Medical Policy Group, June 2022 (9): 2022 Updates to Key Points, References. No change to policy statement.

Medical Policy Group, June 2023 (9): Updates to Key Points, Benefits Application and References. Reviewed by consensus. No new published peer-reviewed literature identified that would alter coverage statement at this time.

This medical policy is not an authorization, certification, explanation of benefits, or a contract. Eligibility and benefits are determined on a case-by-case basis according to the terms of the member’s plan in effect as of the date services are rendered. All medical policies are based on (i) research of current medical literature and (ii) review of common medical practices in the treatment and diagnosis of disease as of the date hereof. Physicians and other providers are solely responsible for all aspects of medical care and treatment, including the type, quality, and levels of care and treatment.

This policy is intended to be used for adjudication of claims (including pre-admission certification, pre-determinations, and pre-procedure review) in Blue Cross and Blue Shield’s administration of plan contracts.

The plan does not approve or deny procedures, services, testing, or equipment for our members. Our decisions concern coverage only. The decision of whether or not to have a certain test, treatment or procedure is one made between the physician and his/her patient. The plan administers benefits based on the member’s contract and corporate medical policies. Physicians should always exercise their best medical judgment in providing the care they feel is most appropriate for their patients.
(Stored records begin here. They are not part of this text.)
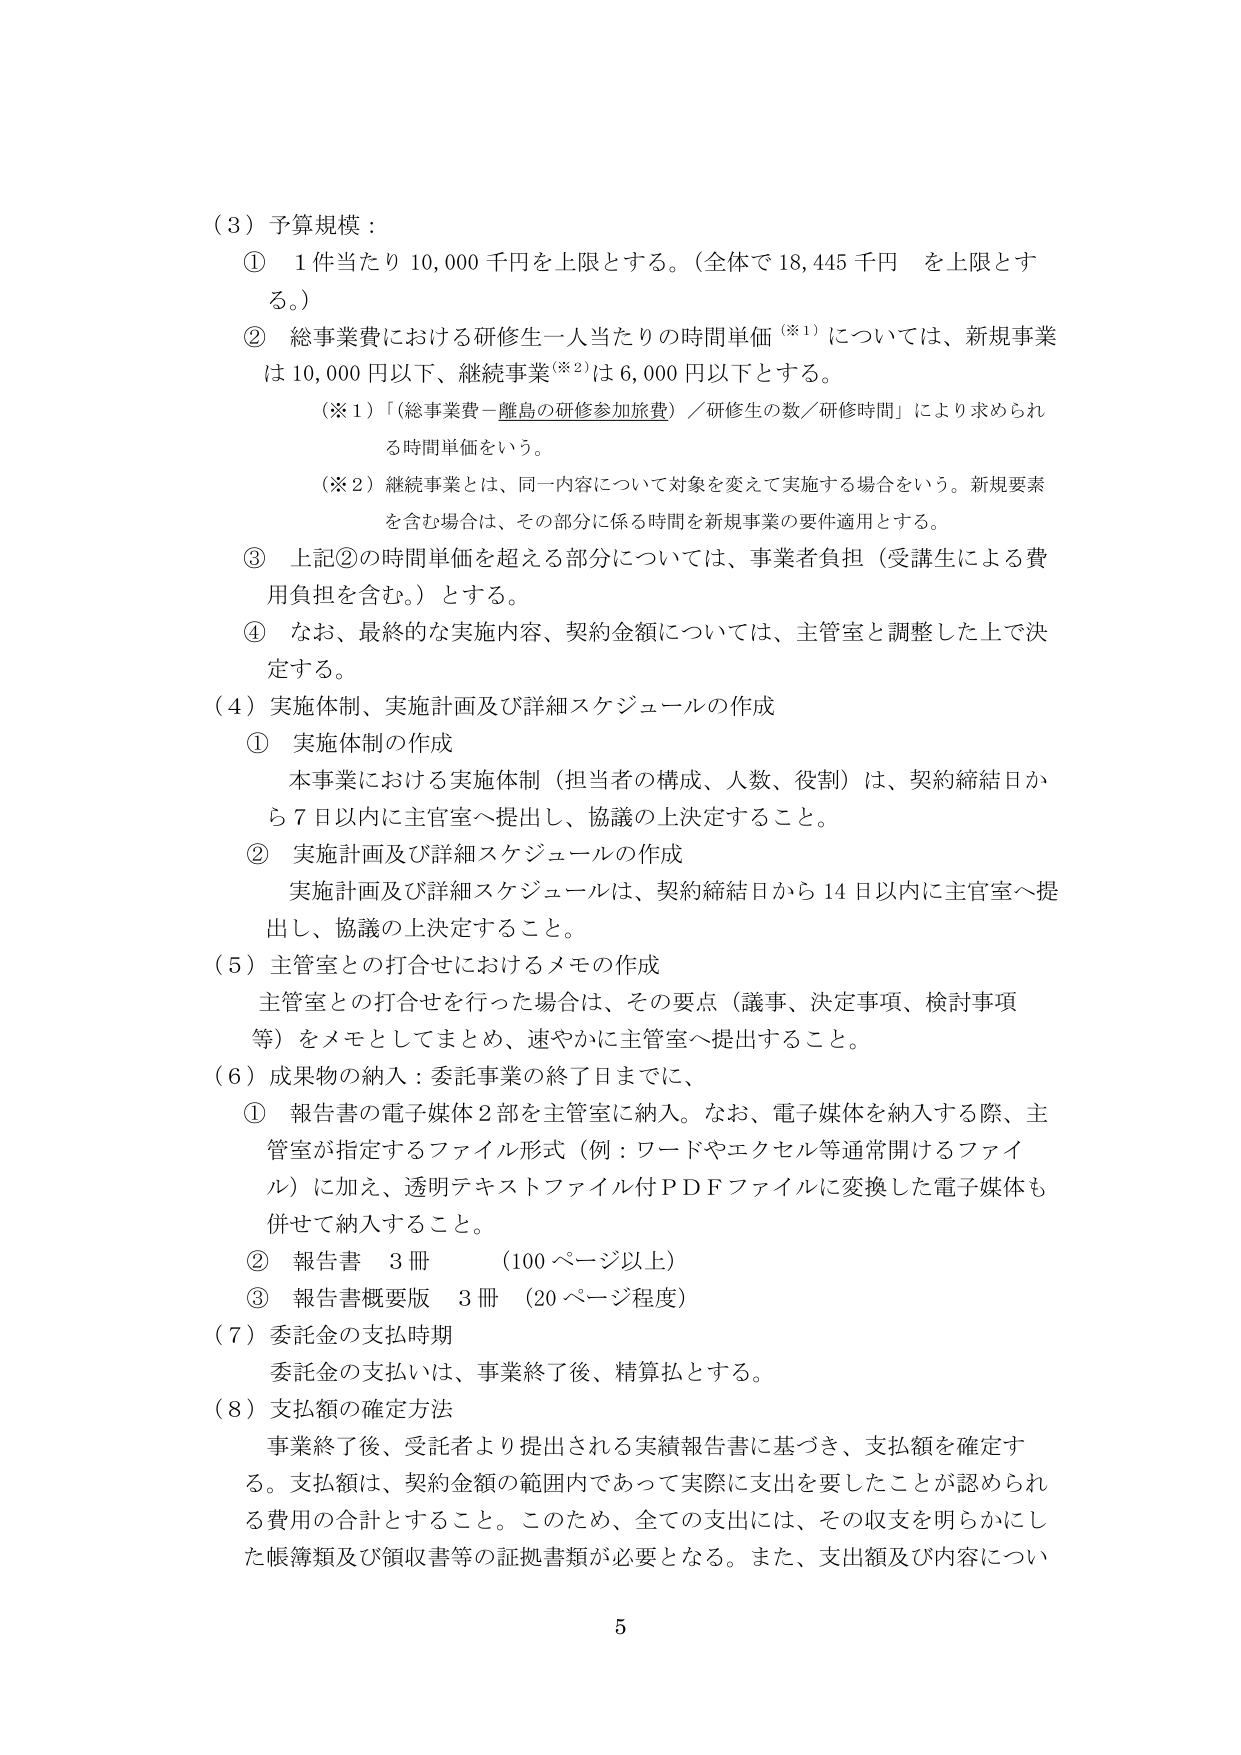
（３）予算規模：

① １件当たり 10,000 千円を上限とする。（全体で 18,445 千円 を上限とする。）

② 総事業費における研修生一人当たりの時間単価（※１）については、新規事業は 10,000 円以下、継続事業（※２）は 6,000 円以下とする。

（※１）「総事業費－離島の研修参加旅費」／研修生の数／研修時間」により求められる時間単価をいう。

（※２）継続事業とは、同一内容について対象を変えて実施する場合をいう。新規要素を含む場合は、その部分に係る時間を新規事業の要件適用とする。

③ 上記②の時間単価を超える部分については、事業者負担（受講生による費用負担を含む。）とする。

④ なお、最終的な実施内容、契約金額については、主管室と調整した上で決定する。

（４）実施体制、実施計画及び詳細スケジュールの作成

① 実施体制の作成

本事業における実施体制（担当者の構成、人数、役割）は、契約締結日から７日以内に主管室へ提出し、協議の上決定すること。

② 実施計画及び詳細スケジュールの作成

実施計画及び詳細スケジュールは、契約締結日から 14 日以内に主管室へ提出し、協議の上決定すること。

（５）主管室との打合せにおけるメモの作成

主管室との打合せを行った場合は、その要点（議事、決定事項、検討事項等）をメモとしてまとめ、速やかに主管室へ提出すること。

（６）成果物の納入：委託事業の終了日までに、

① 報告書の電子媒体２部を主管室に納入。なお、電子媒体を納入する際、主管室が指定するファイル形式（例：ワードやエクセル等通常開けるファイル）に加え、透明テキストファイル付ＰＤＦファイルに変換した電子媒体も併せて納入すること。

② 報告書 ３冊 （100 ページ以上）

③ 報告書概要版 ３冊 （20 ページ程度）

（７）委託金の支払時期

委託金の支払いは、事業終了後、精算払とする。

（８）支払額の確定方法

事業終了後、受託者より提出される実績報告書に基づき、支払額を確定する。支払額は、契約金額の範囲内であって実際に支出を要したことが認められる費用の合計とすること。このため、全ての支出には、その収支を明らかにした帳簿類及び領収書等の証拠書類が必要となる。また、支出額及び内容について

5
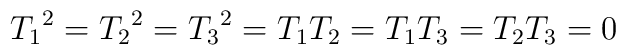
{T_1}^2 = {T_2}^2 = {T_3}^2 = T_1 T_2 = T_1 T_3 = T_2 T_3 = 0
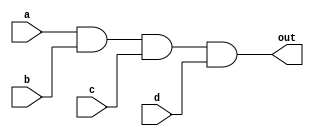
module four_input_and_gate(
    input wire a,
    input wire b,
    input wire c,
    input wire d,
    output wire out
);

assign out = a & b & c & d;

endmodule
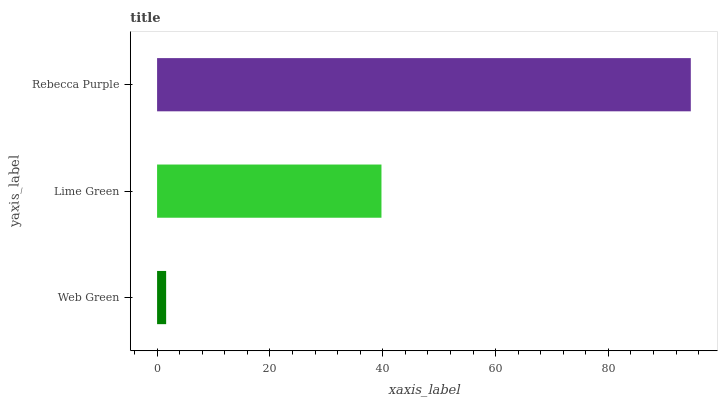
| yaxis_label | bars |
 | --- | --- |
 | Web Green | 1.61 |
 | Lime Green | 39.8 |
 | Rebecca Purple | 94.6 |
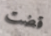
قضت
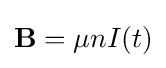
\mathbf {B} =\mu nI(t)
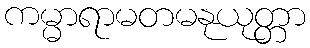
ကမ္မာရာမတမနုယုတ္တာ
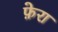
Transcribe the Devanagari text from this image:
फ़ेरा
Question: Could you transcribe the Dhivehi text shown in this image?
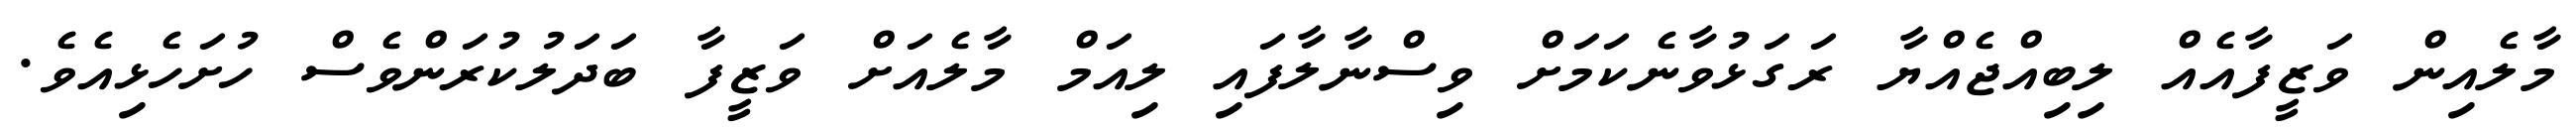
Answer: މާލެއިން ވަޒީފާއެއް ލިބިއްޖެއްޔާ ރަގަޅުވާނެކަމަށް ވިސްނާލާފައި ލިއަމް މާލެއަށް ވަޒީފާ ބަދަލުކުރަންވެސް ހުށަހެޅިއެވެ.
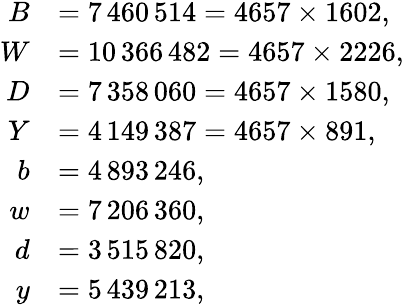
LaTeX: {\begin{array}{rl}{B}&{=7\, 460\, 514=4657\times 1602,}\\ {W}&{=10\, 366\, 482=4657\times 2226,}\\ {D}&{=7\, 358\, 060=4657\times 1580,}\\ {Y}&{=4\, 149\, 387=4657\times 891,}\\ {b}&{=4\, 893\, 246,}\\ {w}&{=7\, 206\, 360,}\\ {d}&{=3\, 515\, 820,}\\ {y}&{=5\, 439\, 213,}\end{array}}
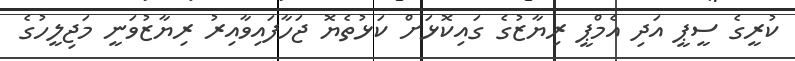
ކުރީގެ ސީޕީ އަދި އެމްޕީ ރިޔާޒުގެ ގައިކޮޅަށް ކަޅުތެޔޮ ޖަހާފައިވާއިރު ރިޔާޒުވަނީ މަޖިލީހުގެ
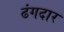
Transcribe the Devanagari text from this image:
ढंगदार
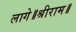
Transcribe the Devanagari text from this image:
लागे॥श्रीराम॥
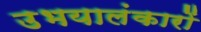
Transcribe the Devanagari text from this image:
उभयालंकारों
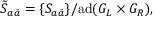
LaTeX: \tilde { S } _ { a \bar { a } } = \{ S _ { a \bar { a } } \} / \mathrm { a d } ( G _ { L } \times G _ { R } ) ,
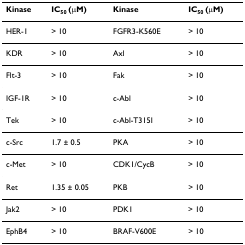
<table><thead><tr><td><b>Kinase</b></td><td><b>IC<sub>50 </sub>(μM)</b></td><td><b>Kinase</b></td><td><b>IC<sub>50 </sub>(μM)</b></td></tr></thead><tbody><tr><td>HER-1</td><td>&gt; 10</td><td>FGFR3-K560E</td><td>&gt; 10</td></tr><tr><td>KDR</td><td>&gt; 10</td><td>Axl</td><td>&gt; 10</td></tr><tr><td>Flt-3</td><td>&gt; 10</td><td>Fak</td><td>&gt; 10</td></tr><tr><td>IGF-1R</td><td>&gt; 10</td><td>c-Abl</td><td>&gt; 10</td></tr><tr><td>Tek</td><td>&gt; 10</td><td>c-Abl-T315I</td><td>&gt; 10</td></tr><tr><td>c-Src</td><td>1.7 ± 0.5</td><td>PKA</td><td>&gt; 10</td></tr><tr><td>c-Met</td><td>&gt; 10</td><td>CDK1/CycB</td><td>&gt; 10</td></tr><tr><td>Ret</td><td>1.35 ± 0.05</td><td>PKB</td><td>&gt; 10</td></tr><tr><td>Jak2</td><td>&gt; 10</td><td>PDK1</td><td>&gt; 10</td></tr><tr><td>EphB4</td><td>&gt; 10</td><td>BRAF-V600E</td><td>&gt; 10</td></tr></tbody></table>
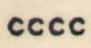
cccc
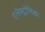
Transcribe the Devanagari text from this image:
एलेक्ट्रोनिका
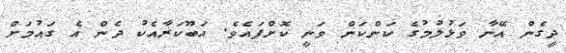
ދީގެން އޭނާ ވަޅުލުމުގެ ކަންކަން ވަނީ ކޮށްފައެެވެ. އަބޫކަރާއެކު ދެން އެ ގައުމަށް
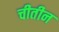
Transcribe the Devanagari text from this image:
चीतीन
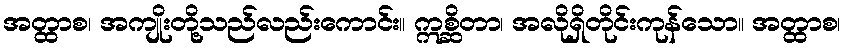
အတ္ထာစ၊ အကျိုးတို့သည်လည်းကောင်း။ ဣစ္ဆိတာ၊ အလိုရှိတိုင်းကုန်သော။ အတ္ထာစ၊
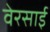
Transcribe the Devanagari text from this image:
वेरसाई
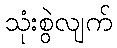
သုံးစွဲလျက်
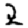
Digit: 2
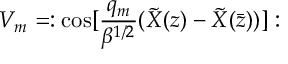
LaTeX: V _ { m } = : \mathrm { c o s } [ { \frac { q _ { m } } { \beta ^ { 1 / 2 } } } ( { \tilde { X } } ( z ) - { \tilde { X } } ( { \bar { z } } ) ) ] :
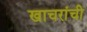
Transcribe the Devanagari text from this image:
खाचरांची
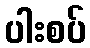
ပါးစပ်
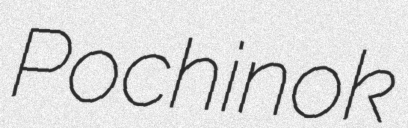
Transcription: Pochinok
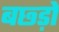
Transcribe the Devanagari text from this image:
बछ्ड़ों
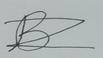
Signature authenticity: forged
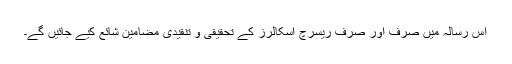
اس رسالہ میں صرف اور صرف ریسرچ اسکالرز کے تحقیقی و تنقیدی مضامین شائع کیے جائیں گے۔
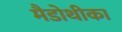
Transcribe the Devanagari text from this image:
मैडोथीका
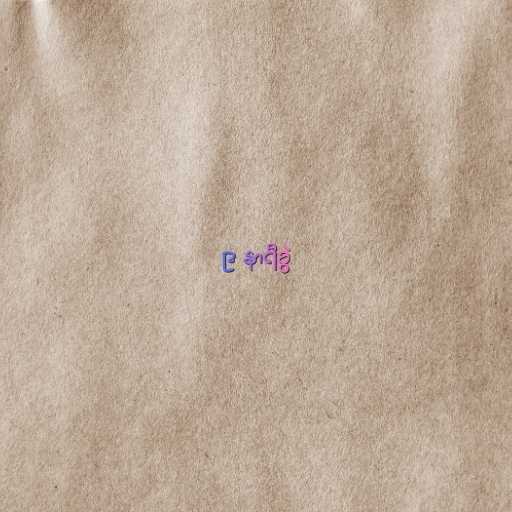
၉ နာရီခွဲ

Needed care should not be delayed or refused because of a coverage determination.

As a general rule, benefits are payable under health plans only in cases of medical necessity and only if services or supplies are not investigational, provided the customer group contracts have such coverage.

The following Association Technology Evaluation Criteria must be met for a service/supply to be considered for coverage:

1. The technology must have final approval from the appropriate government regulatory bodies;

2. The scientific evidence must permit conclusions concerning the effect of the technology on health outcomes;

3. The technology must improve the net health outcome;

4. The technology must be as beneficial as any established alternatives;

5. The improvement must be attainable outside the investigational setting.

Medical Necessity means that health care services (e.g., procedures, treatments, supplies, devices, equipment, facilities or drugs) that a physician, exercising prudent clinical judgment, would provide to a patient for the purpose of preventing, evaluating, diagnosing or treating an illness, injury or disease or its symptoms, and that are:

1. In accordance with generally accepted standards of medical practice; and

2. Clinically appropriate in terms of type, frequency, extent, site and duration and considered effective for the patient’s illness, injury or disease; and

3. Not primarily for the convenience of the patient, physician or other health care provider; and

4. Not more costly than an alternative service or sequence of services at least as likely to produce equivalent therapeutic or diagnostic results as to the diagnosis or treatment of that patient’s illness, injury or disease.